## [WHAT THIS TASK INVOLVES]
Give the lines below again, exactly as they stand, and leave out the images.

## [Records drawn from a dataset]
★ ★ ★

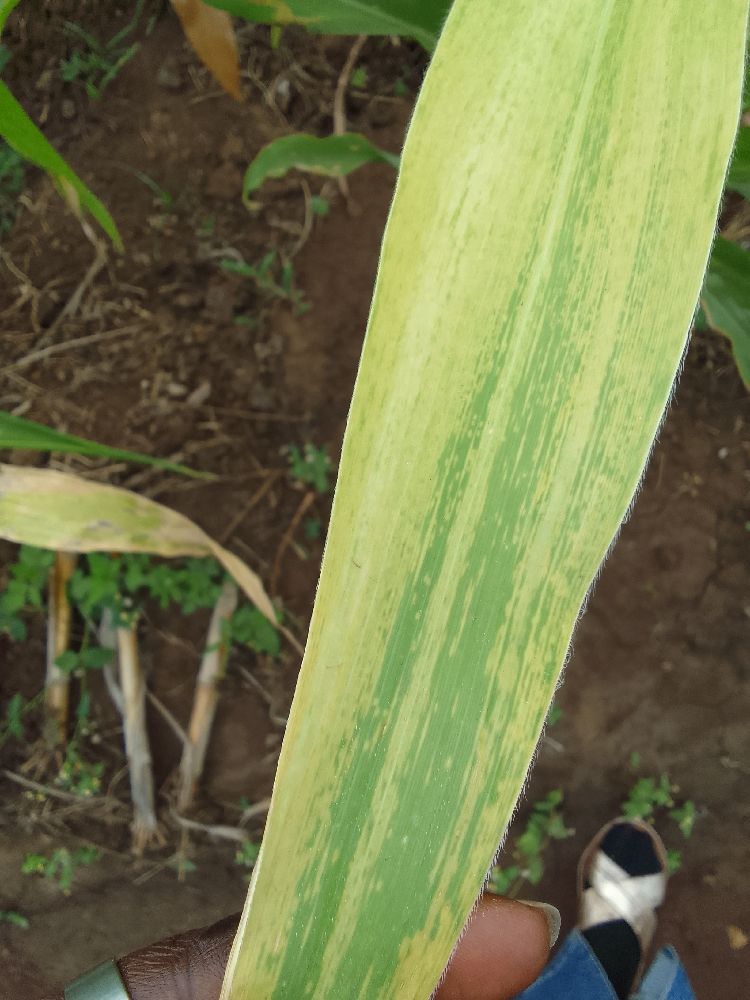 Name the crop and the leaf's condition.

maize, maize lethal necrosis
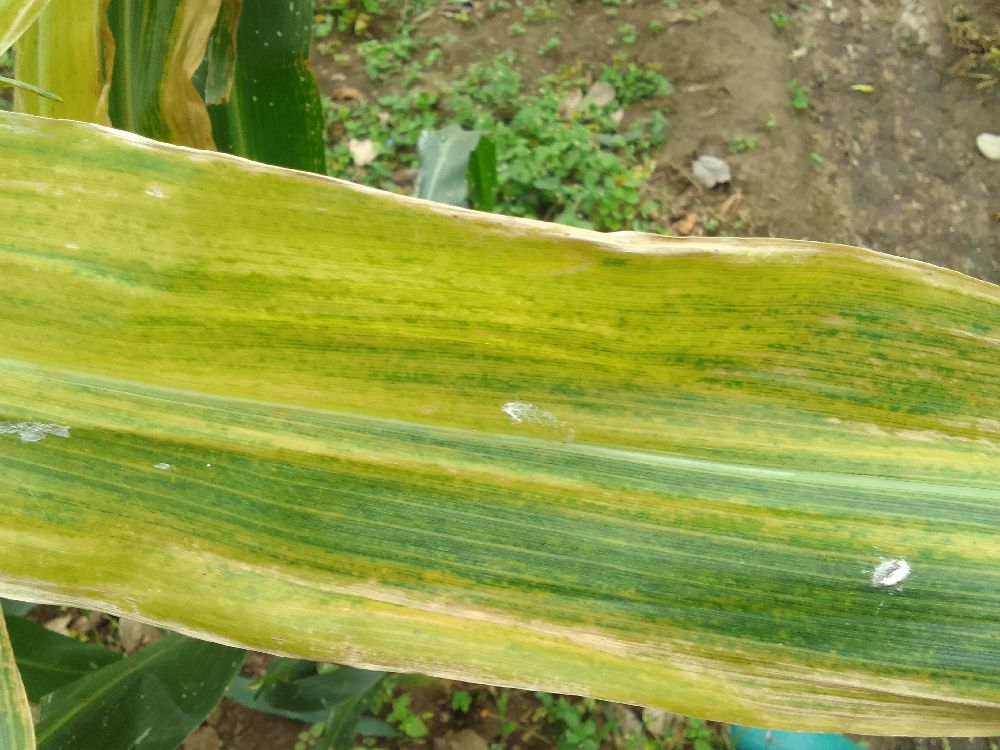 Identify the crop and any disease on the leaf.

maize, maize lethal necrosis
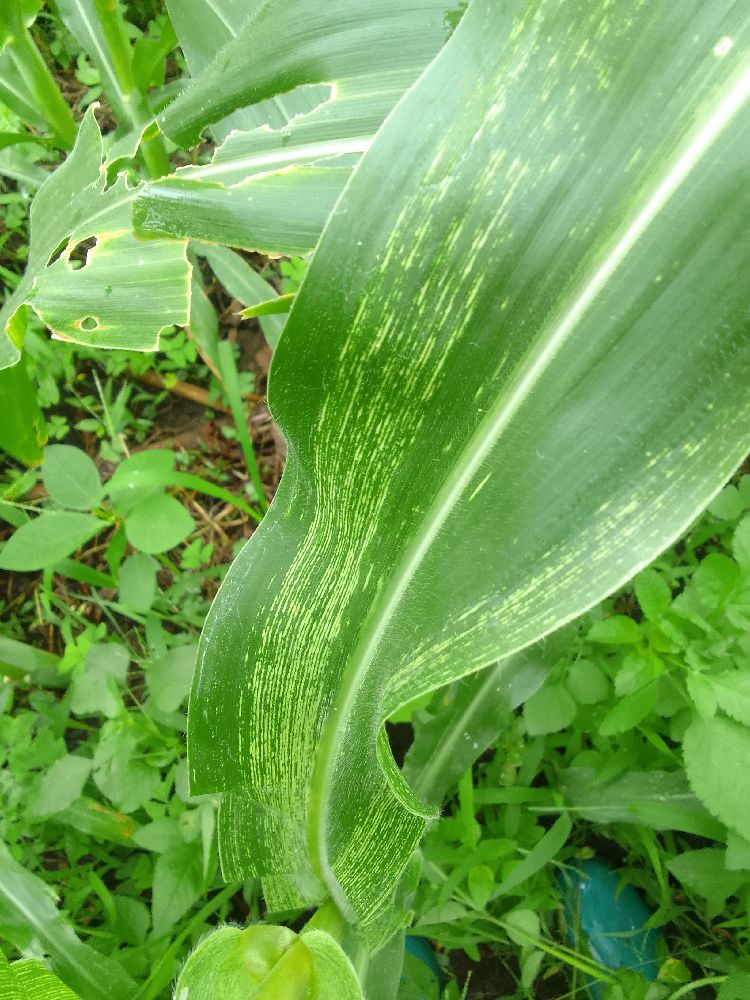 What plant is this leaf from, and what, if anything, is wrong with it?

maize, maize streak virus
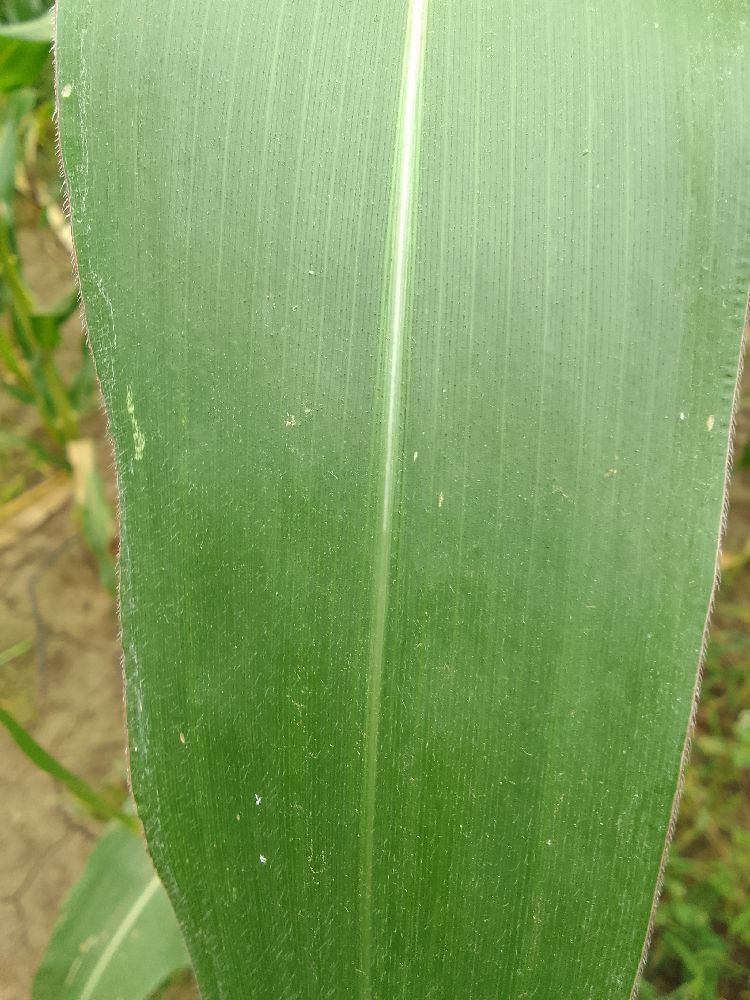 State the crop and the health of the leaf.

maize, healthy

★ ★ ★

## [COMPLETED EXERCISE]
 Name the crop and the leaf's condition.

maize, maize lethal necrosis
 Identify the crop and any disease on the leaf.

maize, maize lethal necrosis
 What plant is this leaf from, and what, if anything, is wrong with it?

maize, maize streak virus
 State the crop and the health of the leaf.

maize, healthy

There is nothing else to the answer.